Date of Publication:2016-01-27

Journal:ACS APPLIED MATERIALS & INTERFACES

Included Journals:SCIE、EI、PubMed

Volume:8

Issue:3

Page Number:2111-2119

ISSN No.:1944-8244

Key Words:Z-scheme; electron mediator; Fermi level; charge transfer; photocatalysis

Abstract:Z-scheme photocatalytic system shows superiority in degradation of refractory pollutants and water splitting due to the high redox capacities caused by its unique charge transfer behaviors. As a key component of Z-scheme system, the electron mediator plays an important role in charge carrier migration. According to the energy band theory, we believe the interfacial energy band bendings facilitate the electron transfer via Z-scheme mechanism when the Fermi level of electron mediator is between the Fermi levels of Photosystem II (PS II) and Photosystem I (PS I), whereas charge transfer is inhibited in other cases as energy band barriers would form at the semiconductor-metal interfaces.
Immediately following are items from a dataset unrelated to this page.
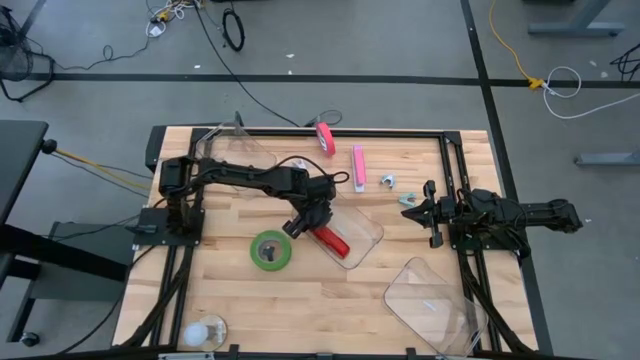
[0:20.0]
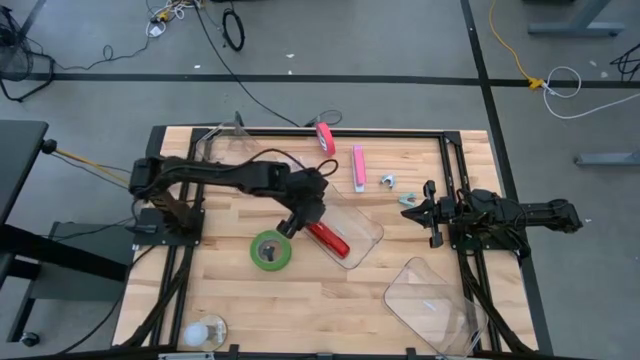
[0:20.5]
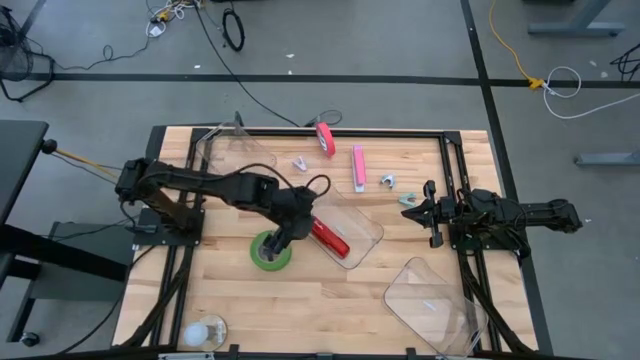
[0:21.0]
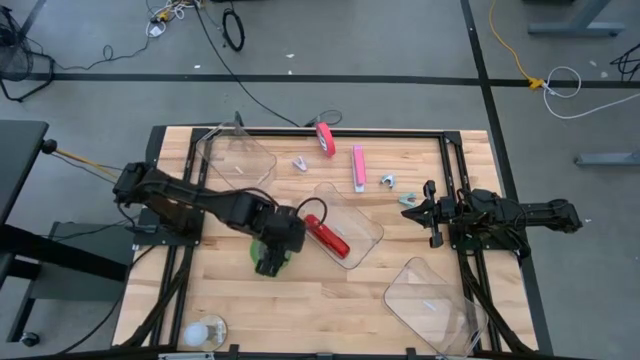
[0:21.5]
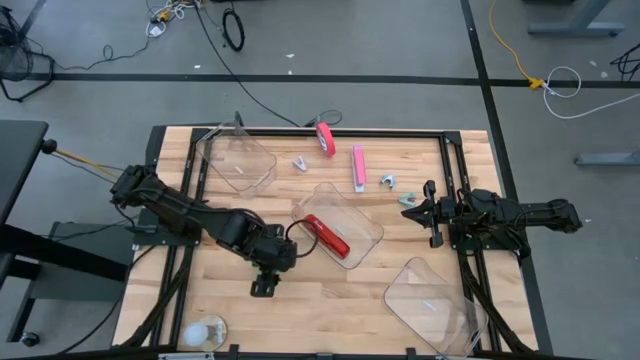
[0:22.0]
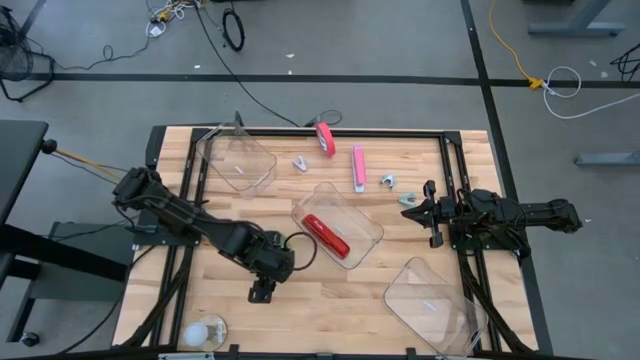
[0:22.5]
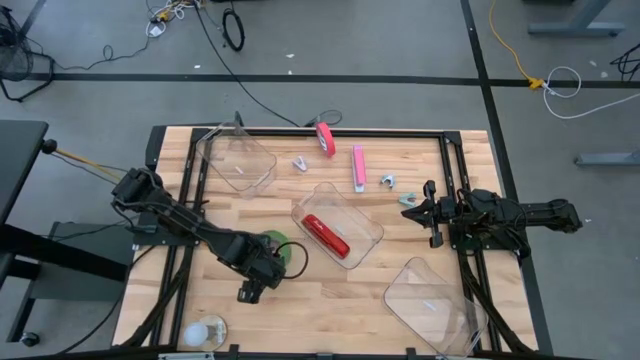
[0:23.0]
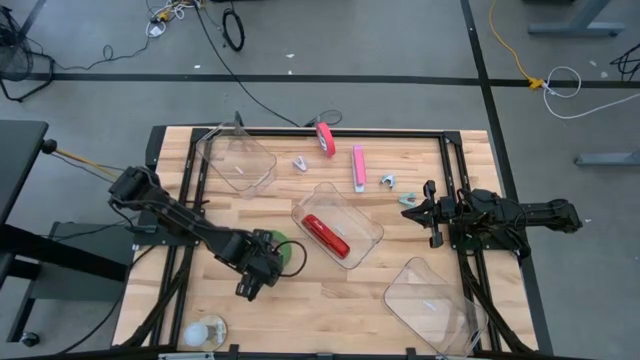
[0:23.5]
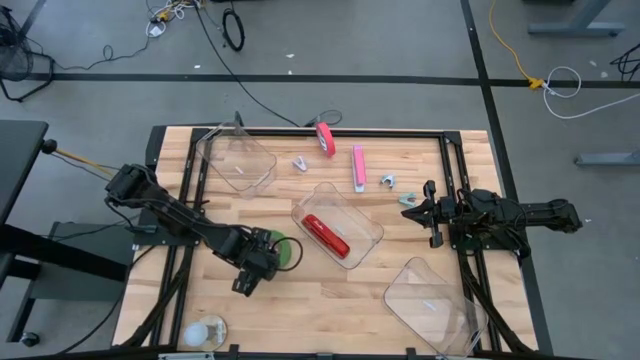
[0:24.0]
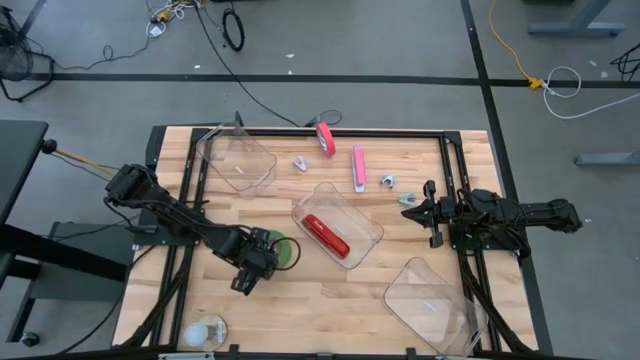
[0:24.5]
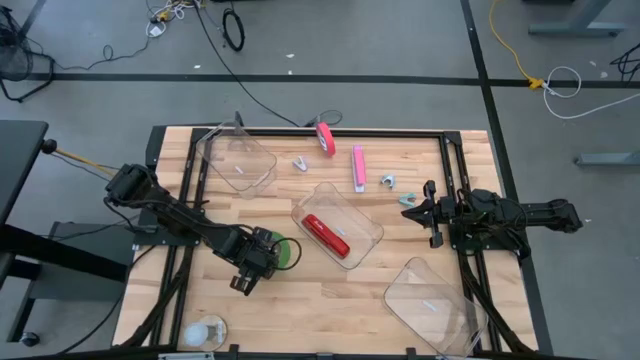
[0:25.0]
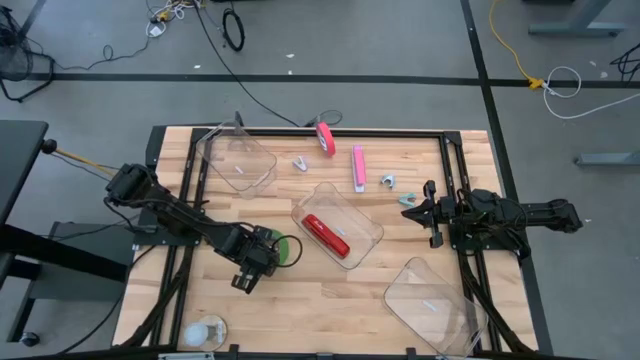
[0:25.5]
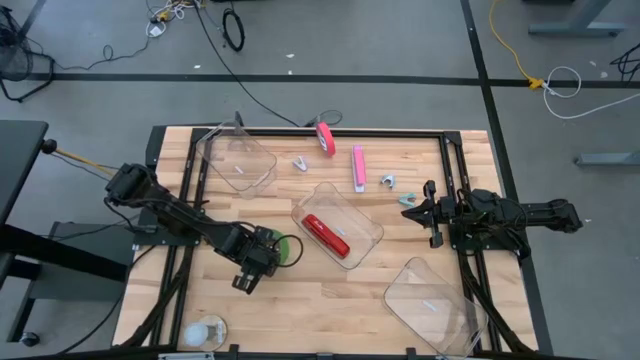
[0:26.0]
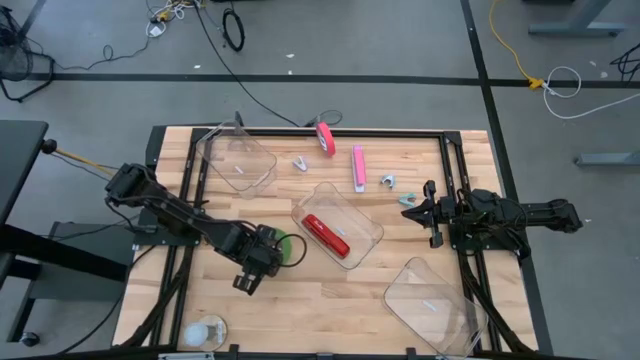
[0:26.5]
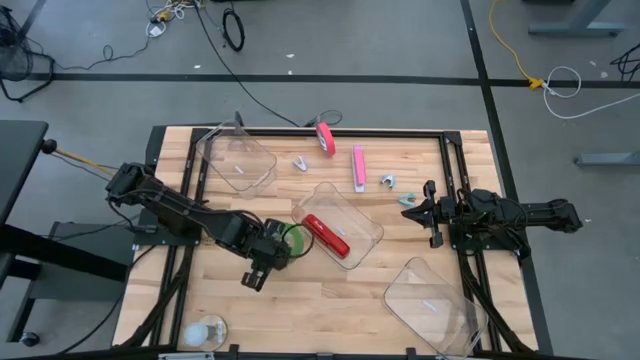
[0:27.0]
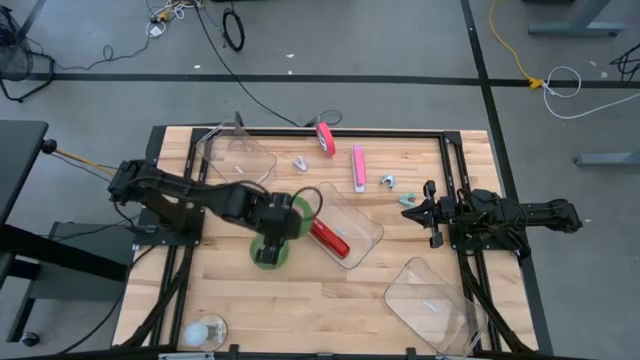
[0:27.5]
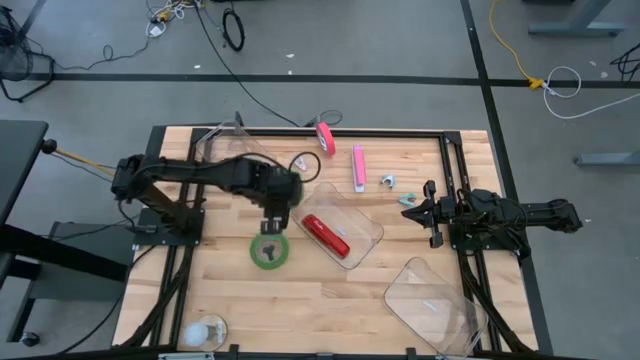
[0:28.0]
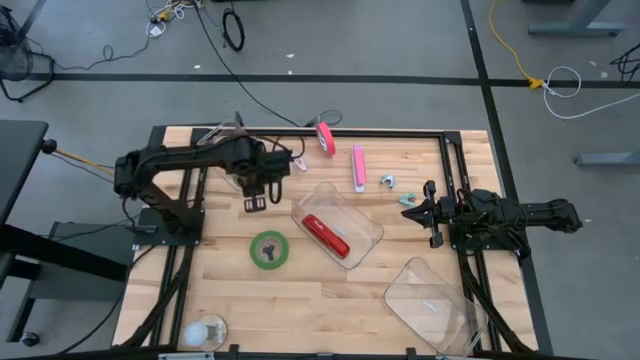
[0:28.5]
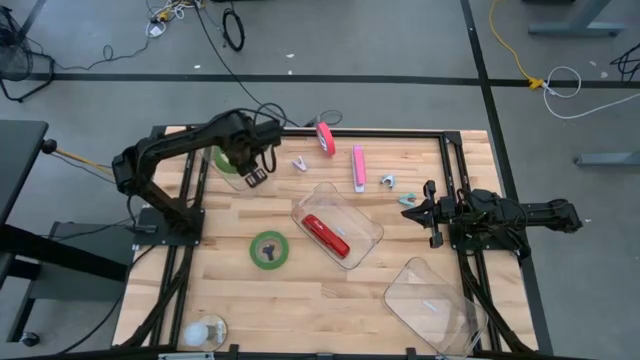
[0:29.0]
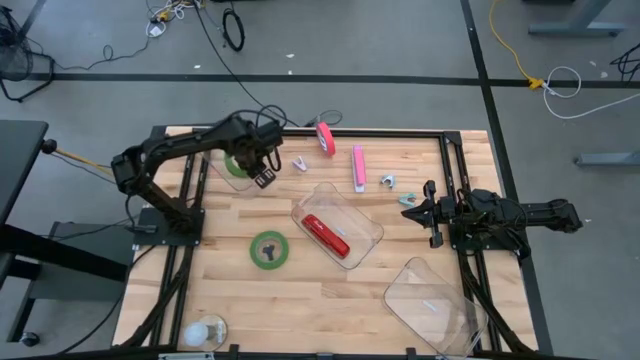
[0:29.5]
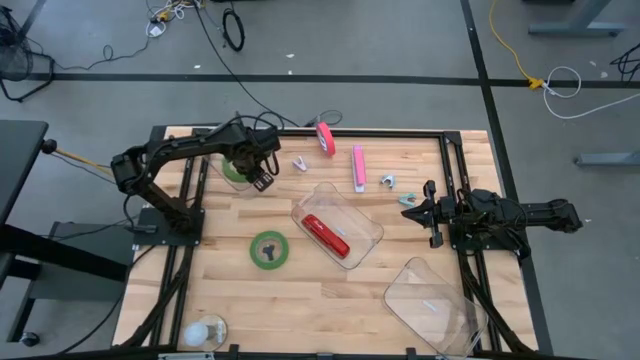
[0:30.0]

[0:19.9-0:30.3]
Task: Pick and place Stapler, Stapler remover, tape
Put the green tape into the top transparent bin

Here, this inference was verified by the increased hydroxyl radical generation and improved photocurrent on WO3-Cu-gC(3)N(4) (with the desired Fermi level structure), which were not observed on either WO3-Ag-gC(3)N(4) or WO3-Cu-gC(3)N(4). Finally, photocatalytic degradation rate of 4-nonylphenoI on WO3-Cu-gC(3)N(4) was proved to be as high as 11.6 times than that of WO3-gC(3)N(4), further demonstrating the necessity of a suitable electron mediator in Z-scheme system. This study provides scientific basis for rational construction of Z-scheme photocatalytic system.